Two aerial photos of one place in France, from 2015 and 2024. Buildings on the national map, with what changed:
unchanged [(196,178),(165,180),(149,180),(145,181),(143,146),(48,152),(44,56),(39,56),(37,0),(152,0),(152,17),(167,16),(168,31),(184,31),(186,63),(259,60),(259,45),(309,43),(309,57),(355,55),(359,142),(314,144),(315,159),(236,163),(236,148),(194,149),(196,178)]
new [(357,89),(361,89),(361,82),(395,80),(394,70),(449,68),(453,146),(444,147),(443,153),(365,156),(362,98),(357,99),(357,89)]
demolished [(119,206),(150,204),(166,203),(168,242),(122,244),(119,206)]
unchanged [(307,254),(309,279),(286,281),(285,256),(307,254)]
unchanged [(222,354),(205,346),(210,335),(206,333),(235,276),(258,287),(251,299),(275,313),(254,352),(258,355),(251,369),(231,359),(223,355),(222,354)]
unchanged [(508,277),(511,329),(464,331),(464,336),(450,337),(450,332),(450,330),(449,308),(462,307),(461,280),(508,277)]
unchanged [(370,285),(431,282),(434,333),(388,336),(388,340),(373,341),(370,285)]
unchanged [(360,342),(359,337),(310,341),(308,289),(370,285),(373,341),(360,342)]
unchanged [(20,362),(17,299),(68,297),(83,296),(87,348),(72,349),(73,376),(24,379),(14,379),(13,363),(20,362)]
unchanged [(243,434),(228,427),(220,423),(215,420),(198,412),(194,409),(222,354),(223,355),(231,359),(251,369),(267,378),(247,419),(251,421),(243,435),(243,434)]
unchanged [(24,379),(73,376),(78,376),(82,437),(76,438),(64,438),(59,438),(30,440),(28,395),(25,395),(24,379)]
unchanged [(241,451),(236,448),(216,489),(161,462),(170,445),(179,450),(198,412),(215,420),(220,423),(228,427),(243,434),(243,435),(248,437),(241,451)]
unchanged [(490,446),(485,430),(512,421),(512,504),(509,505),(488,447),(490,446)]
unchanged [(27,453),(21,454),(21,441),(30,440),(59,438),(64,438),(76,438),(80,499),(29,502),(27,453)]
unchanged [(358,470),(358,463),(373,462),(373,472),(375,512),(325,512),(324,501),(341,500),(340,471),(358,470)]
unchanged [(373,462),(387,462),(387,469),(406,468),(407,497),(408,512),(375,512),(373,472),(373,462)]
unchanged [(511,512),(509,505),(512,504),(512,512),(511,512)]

———

For this exercise, the records above must be returned exactly.

Two aerial photos of one place in France, from 2015 and 2024. Buildings on the national map, with what changed:
unchanged [(196,178),(165,180),(149,180),(145,181),(143,146),(48,152),(44,56),(39,56),(37,0),(152,0),(152,17),(167,16),(168,31),(184,31),(186,63),(259,60),(259,45),(309,43),(309,57),(355,55),(359,142),(314,144),(315,159),(236,163),(236,148),(194,149),(196,178)]
new [(357,89),(361,89),(361,82),(395,80),(394,70),(449,68),(453,146),(444,147),(443,153),(365,156),(362,98),(357,99),(357,89)]
demolished [(119,206),(150,204),(166,203),(168,242),(122,244),(119,206)]
unchanged [(307,254),(309,279),(286,281),(285,256),(307,254)]
unchanged [(222,354),(205,346),(210,335),(206,333),(235,276),(258,287),(251,299),(275,313),(254,352),(258,355),(251,369),(231,359),(223,355),(222,354)]
unchanged [(508,277),(511,329),(464,331),(464,336),(450,337),(450,332),(450,330),(449,308),(462,307),(461,280),(508,277)]
unchanged [(370,285),(431,282),(434,333),(388,336),(388,340),(373,341),(370,285)]
unchanged [(360,342),(359,337),(310,341),(308,289),(370,285),(373,341),(360,342)]
unchanged [(20,362),(17,299),(68,297),(83,296),(87,348),(72,349),(73,376),(24,379),(14,379),(13,363),(20,362)]
unchanged [(243,434),(228,427),(220,423),(215,420),(198,412),(194,409),(222,354),(223,355),(231,359),(251,369),(267,378),(247,419),(251,421),(243,435),(243,434)]
unchanged [(24,379),(73,376),(78,376),(82,437),(76,438),(64,438),(59,438),(30,440),(28,395),(25,395),(24,379)]
unchanged [(241,451),(236,448),(216,489),(161,462),(170,445),(179,450),(198,412),(215,420),(220,423),(228,427),(243,434),(243,435),(248,437),(241,451)]
unchanged [(490,446),(485,430),(512,421),(512,504),(509,505),(488,447),(490,446)]
unchanged [(27,453),(21,454),(21,441),(30,440),(59,438),(64,438),(76,438),(80,499),(29,502),(27,453)]
unchanged [(358,470),(358,463),(373,462),(373,472),(375,512),(325,512),(324,501),(341,500),(340,471),(358,470)]
unchanged [(373,462),(387,462),(387,469),(406,468),(407,497),(408,512),(375,512),(373,472),(373,462)]
unchanged [(511,512),(509,505),(512,504),(512,512),(511,512)]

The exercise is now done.